* **Your instructions**: Please repeat the lines below exactly. Begin with the line containing "#11595 = VERTEX_POINT ( 'NONE', #7706 ) ;" and go on through the line containing "#16569 = LINE ( 'NONE', #12615, #10054 ) ;".

Data excerpts:
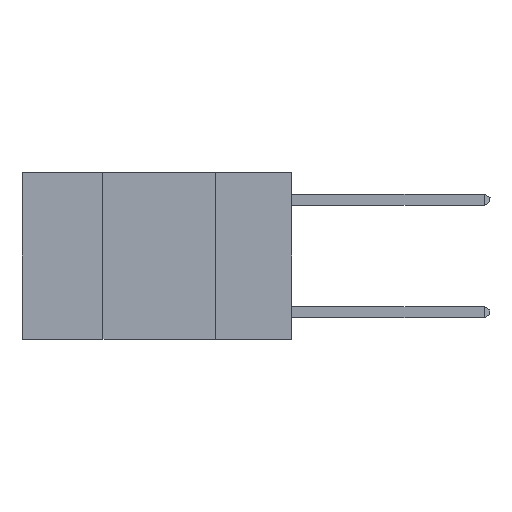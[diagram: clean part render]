
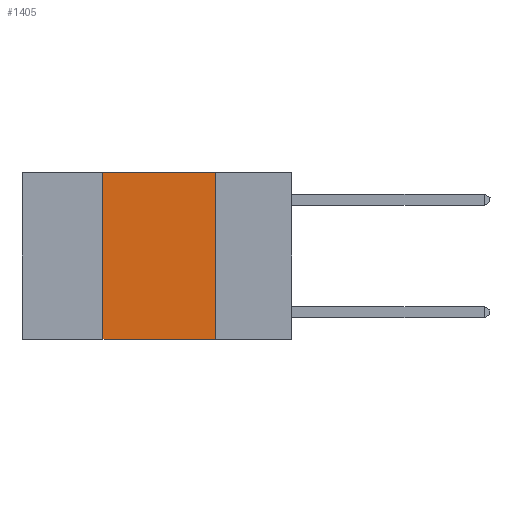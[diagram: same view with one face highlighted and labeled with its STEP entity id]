
A CAD part, left-side view. The second image highlights one B-rep face of the part: STEP entity #1405.
In plain terms, the highlighted planar face has unit normal (-1, 0, 0).
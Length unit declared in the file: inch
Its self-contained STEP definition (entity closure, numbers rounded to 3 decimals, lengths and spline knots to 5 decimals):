
#161 = ORIENTED_EDGE ( 'NONE', *, *, #10370, .F. ) ;
#463 = EDGE_CURVE ( 'NONE', #4843, #11595, #5363, .T. ) ;
#1170 = EDGE_CURVE ( 'NONE', #4843, #12113, #16569, .T. ) ;
#1175 = LINE ( 'NONE', #3417, #7419 ) ;
#1405 = ADVANCED_FACE ( 'NONE', ( #12781 ), #9996, .F. ) ;
#1516 = VERTEX_POINT ( 'NONE', #3056 ) ;
#2265 = VECTOR ( 'NONE', #4185, 39.37008 ) ;
#2972 = EDGE_CURVE ( 'NONE', #1516, #12113, #5813, .T. ) ;
#3056 = CARTESIAN_POINT ( 'NONE',  ( 0., 0.17, 0. ) ) ;
#3417 = CARTESIAN_POINT ( 'NONE',  ( 0., 0.6, 0. ) ) ;
#4185 = DIRECTION ( 'NONE',  ( 0., 0., -1. ) ) ;
#4479 = ORIENTED_EDGE ( 'NONE', *, *, #2972, .F. ) ;
#4742 = DIRECTION ( 'NONE',  ( 0., -1., 0. ) ) ;
#4843 = VERTEX_POINT ( 'NONE', #8072 ) ;
#5363 = LINE ( 'NONE', #6028, #14926 ) ;
#5813 = LINE ( 'NONE', #7863, #2265 ) ;
#6028 = CARTESIAN_POINT ( 'NONE',  ( 0., 0.42, 0. ) ) ;
#6059 = CARTESIAN_POINT ( 'NONE',  ( 0., 0.17, -0.37 ) ) ;
#7419 = VECTOR ( 'NONE', #4742, 39.37008 ) ;
#7706 = CARTESIAN_POINT ( 'NONE',  ( 0., 0.42, 0. ) ) ;
#7825 = EDGE_LOOP ( 'NONE', ( #4479, #161, #13298, #9185 ) ) ;
#7863 = CARTESIAN_POINT ( 'NONE',  ( 0., 0.17, 0. ) ) ;
#7908 = DIRECTION ( 'NONE',  ( 0., -1., 0. ) ) ;
#8072 = CARTESIAN_POINT ( 'NONE',  ( 0., 0.42, -0.37 ) ) ;
#9185 = ORIENTED_EDGE ( 'NONE', *, *, #1170, .T. ) ;
#9996 = PLANE ( 'NONE',  #11258 ) ;
#10054 = VECTOR ( 'NONE', #7908, 39.37008 ) ;
#10349 = DIRECTION ( 'NONE',  ( 1., 0., 0. ) ) ;
#10370 = EDGE_CURVE ( 'NONE', #11595, #1516, #1175, .T. ) ;
#11258 = AXIS2_PLACEMENT_3D ( 'NONE', #13469, #10349, #11636 ) ;
#11595 = VERTEX_POINT ( 'NONE', #7706 ) ;
#11636 = DIRECTION ( 'NONE',  ( 0., 0., -1. ) ) ;
#12113 = VERTEX_POINT ( 'NONE', #6059 ) ;
#12615 = CARTESIAN_POINT ( 'NONE',  ( 0., 0.6, -0.37 ) ) ;
#12781 = FACE_OUTER_BOUND ( 'NONE', #7825, .T. ) ;
#13298 = ORIENTED_EDGE ( 'NONE', *, *, #463, .F. ) ;
#13469 = CARTESIAN_POINT ( 'NONE',  ( 0., 0.6, 0. ) ) ;
#14926 = VECTOR ( 'NONE', #16609, 39.37008 ) ;
#16569 = LINE ( 'NONE', #12615, #10054 ) ;
#16609 = DIRECTION ( 'NONE',  ( 0., 0., 1. ) ) ;

* **Completed exercise**:
#11595 = VERTEX_POINT ( 'NONE', #7706 ) ;
#11636 = DIRECTION ( 'NONE',  ( 0., 0., -1. ) ) ;
#12113 = VERTEX_POINT ( 'NONE', #6059 ) ;
#12615 = CARTESIAN_POINT ( 'NONE',  ( 0., 0.6, -0.37 ) ) ;
#12781 = FACE_OUTER_BOUND ( 'NONE', #7825, .T. ) ;
#13298 = ORIENTED_EDGE ( 'NONE', *, *, #463, .F. ) ;
#13469 = CARTESIAN_POINT ( 'NONE',  ( 0., 0.6, 0. ) ) ;
#14926 = VECTOR ( 'NONE', #16609, 39.37008 ) ;
#16569 = LINE ( 'NONE', #12615, #10054 ) ;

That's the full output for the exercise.